Fla. Receives FEMA Award for Hurricane Readiness
Officials of the Department of Homeland Security’s Federal Emergency Management Agency (FEMA) have awarded the Florida Division of Emergency Management three grants totaling more than $7 million as part of its Pre-Disaster Mitigation Program (PDM) national competition to help retrofit a total of 24 buildings at the University of Miami and Jackson Memorial Hospital.
“This program encourages local leaders across the nation to look ahead and plan against what could be catastrophic events. These projects in Florida show that the state and local communities are working together with FEMA and other partners to make mitigation happen,” said Michael Brown, under secretary of Homeland Security for Emergency Preparedness and Response and head of FEMA. “By making our communities safer in the first place, we make great strides toward reducing the need for federal post-disaster recovery funds.”
The Florida projects include:
* Jackson Memorial Hospital — one of the nation’s largest serving as an emergency evacuation shelter for the medically at-risk during hurricane warnings. The qualifying projects will use a combination of hurricane protection technologies, as well as anchoring heating and air conditioning equipment on roofs and some structural and door reinforcement, to retrofit 10 buildings on the hospital campus. The total project will cost $6,097,160, and the federal award represents 75 percent of the work. The Jackson Health Systems, part of the Miami-Dade County government, is responsible for the remaining 25 percent, or $1,524,290.

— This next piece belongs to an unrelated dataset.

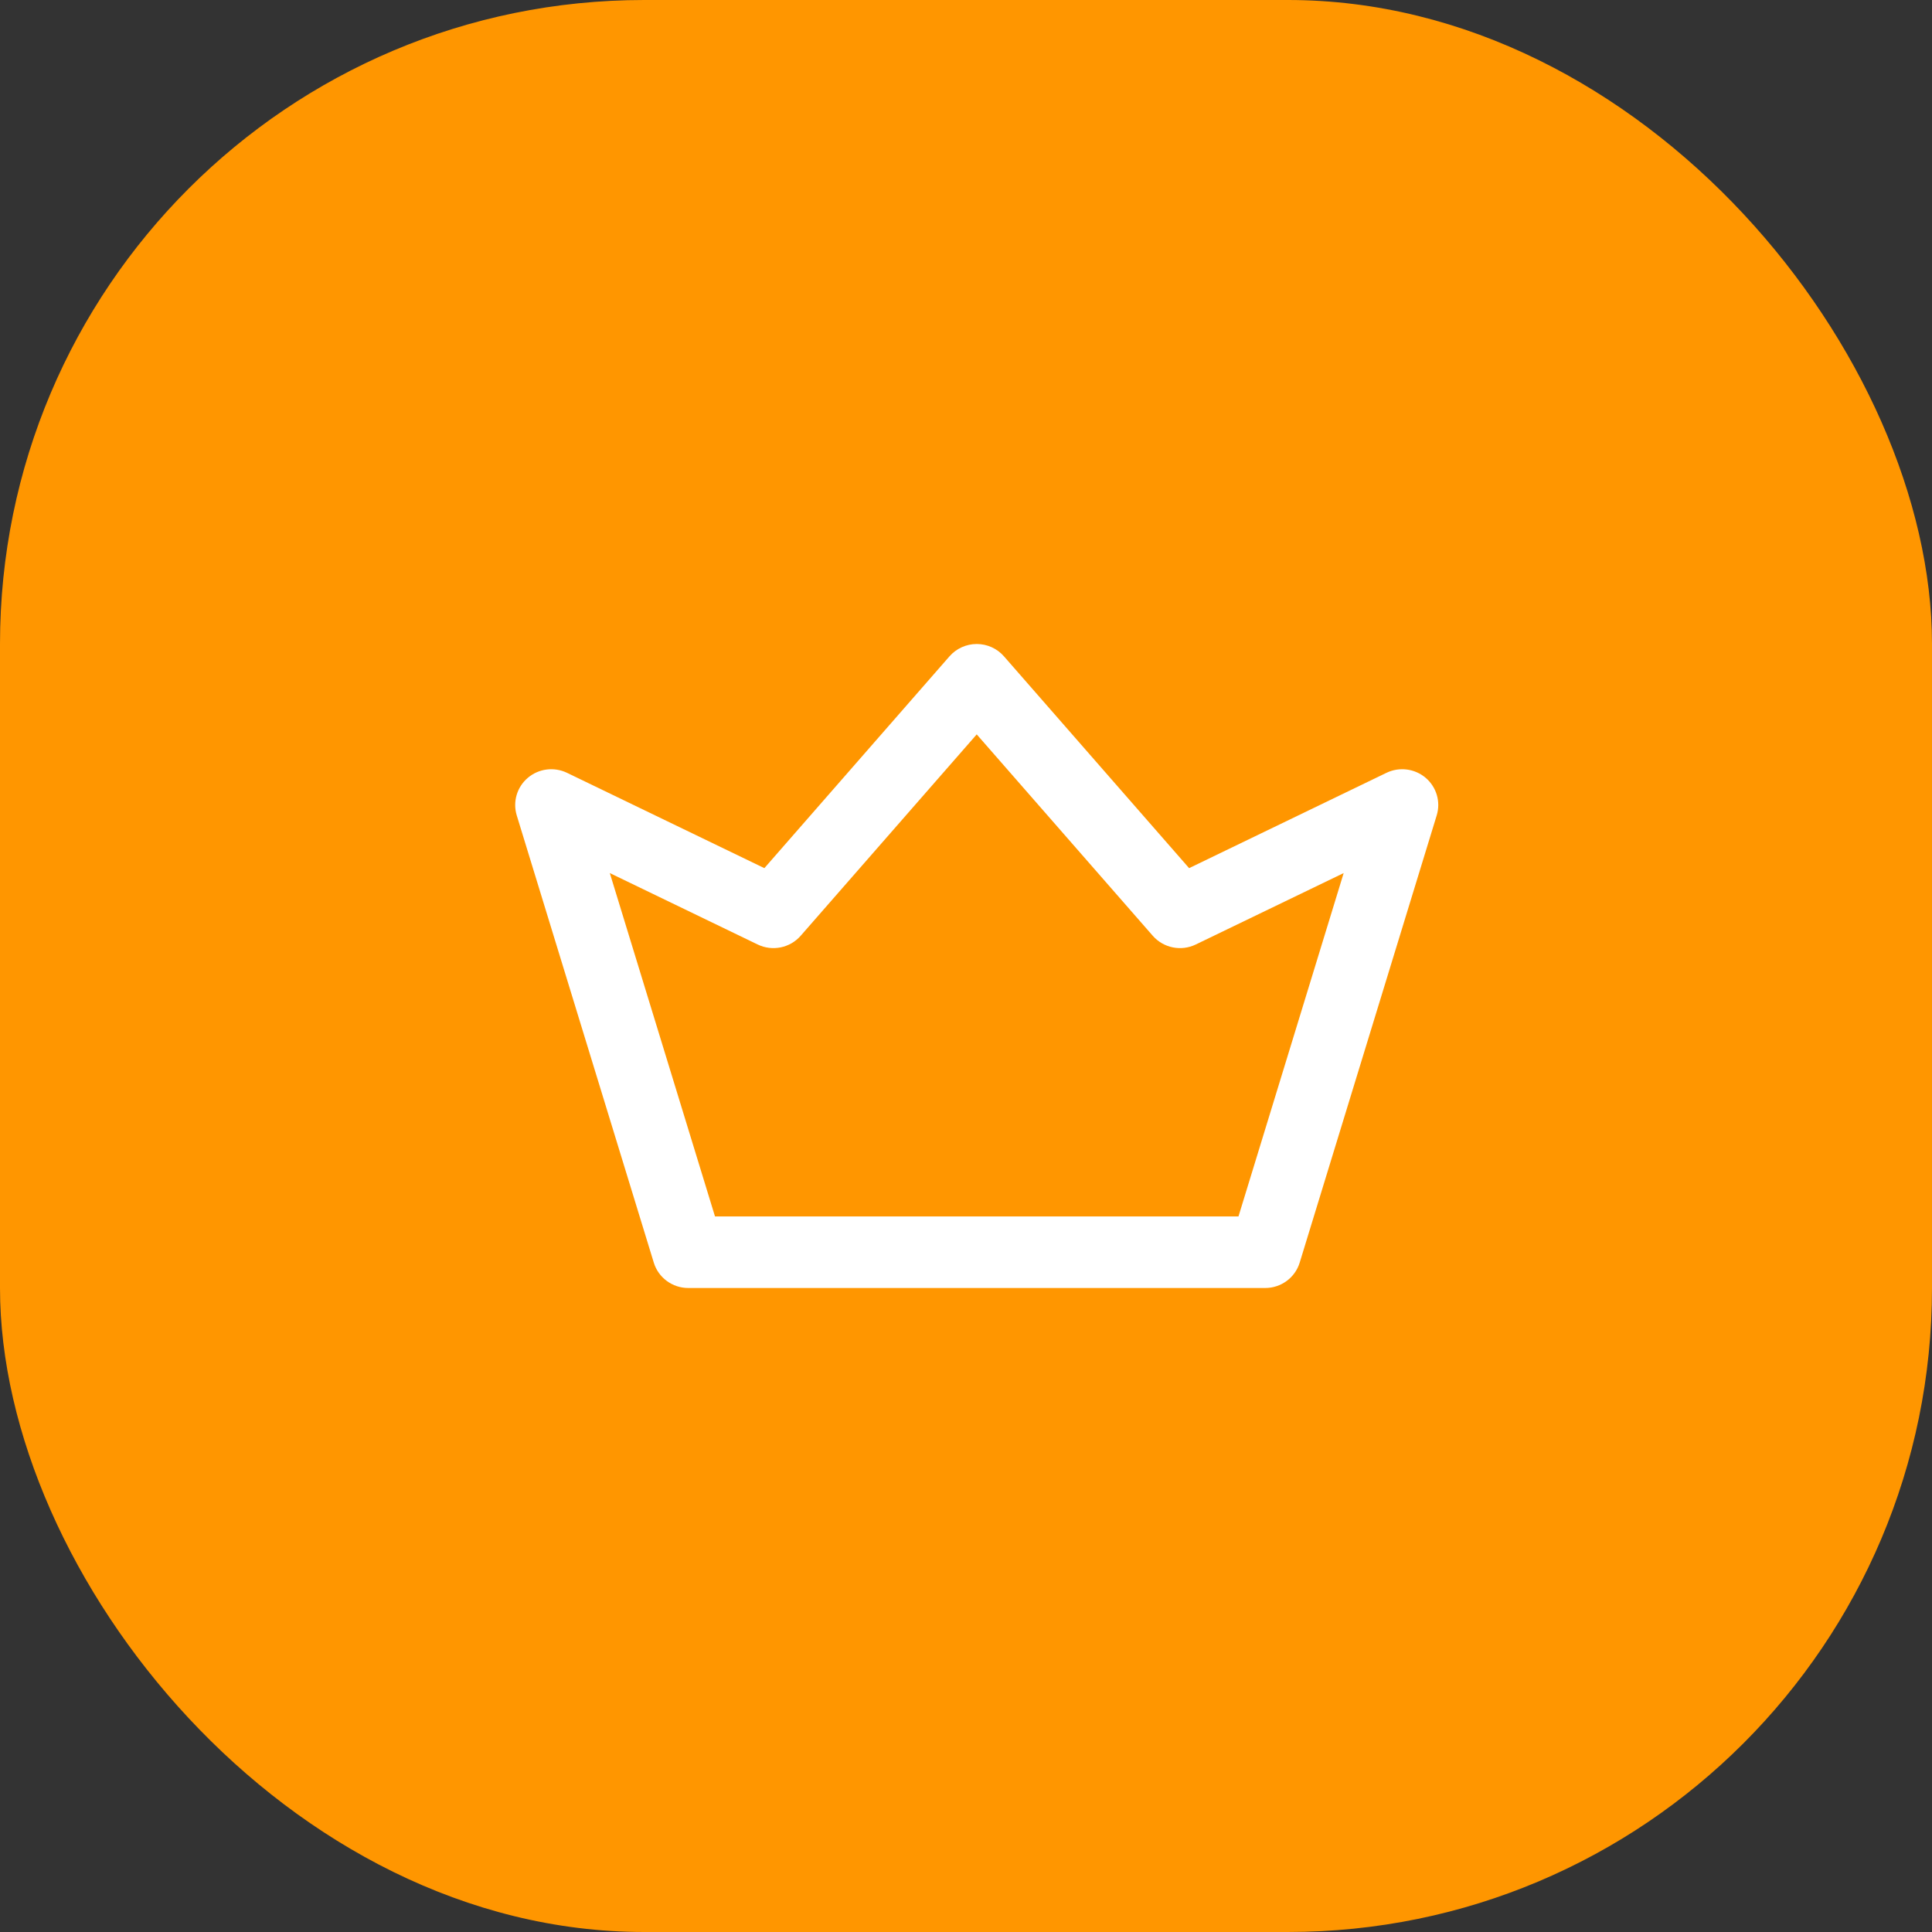 <?xml version="1.0" encoding="UTF-8"?> <svg xmlns="http://www.w3.org/2000/svg" width="60" height="60" viewBox="0 0 60 60" fill="none"><rect x="0" y="0" width="60" height="60" fill="#333333" stroke="none"/><rect width="60" height="60" rx="20" fill="#FF9600"></rect><path d="M39.292 40H21.375C20.882 40 20.447 39.68 20.304 39.212L16.048 25.323C15.919 24.9 16.054 24.442 16.393 24.155C16.732 23.868 17.209 23.808 17.61 24.001L23.738 26.961L29.487 20.383C29.7 20.14 30.009 20 30.333 20C30.658 20 30.967 20.14 31.179 20.383L36.929 26.961L43.057 24.001C43.457 23.808 43.935 23.868 44.274 24.155C44.612 24.442 44.748 24.9 44.618 25.323L40.363 39.212C40.22 39.68 39.785 40 39.292 40ZM22.205 37.778H38.462L41.729 27.114L37.136 29.332C36.681 29.553 36.133 29.441 35.8 29.061L30.333 22.807L24.866 29.061C24.534 29.441 23.986 29.553 23.53 29.332L18.938 27.114L22.205 37.778Z" fill="white"></path></svg>

* University of Miami — one of FEMA’s pilot Disaster Resistant Universities (DRU), a program begun in 1999 to promote hazard resistance for America’s institutions of higher learning and research. The qualifying projects will employ a variety of construction technologies to wind and flood retrofit the six buildings of the Marine Sciences Center on Virginia Key and the eight buildings of the School of Medicine in northwest Miami. The federal award represents 75 percent of the total project cost of $3,419,800. The University is responsible for the remaining 25 percent, or $854,950.
* A third grant, totaling $117,750, was also awarded to Eckerd College in the Tampa area to prepare a Mitigation Plan and Risk Assessment for the school.
The PDM Program, first authorized in the Disaster Mitigation Act of 2000 and first funded by President Bush in his FY 2003 budget, provides funding for mitigation plans and the implementation of cost-effective projects, such as buyouts of flood-prone buildings, construction of safe rooms, elevations of homes located in the floodplain or making structures more earthquake resistant, prior to disaster events.
The Florida Division of Emergency Management submitted the applications and will administer the awards. Each of the awardees not only had an approved state hazard mitigation plan, and presented a competitive mitigation project, but also met a host of requirements including non-federal matching funds and approved environmental reviews.
Each state applicant is receiving notification of the status of their application and finalists will begin work immediately completing the pre-award activities. Applications are being sought for the FY 2006 PDM grant cycle.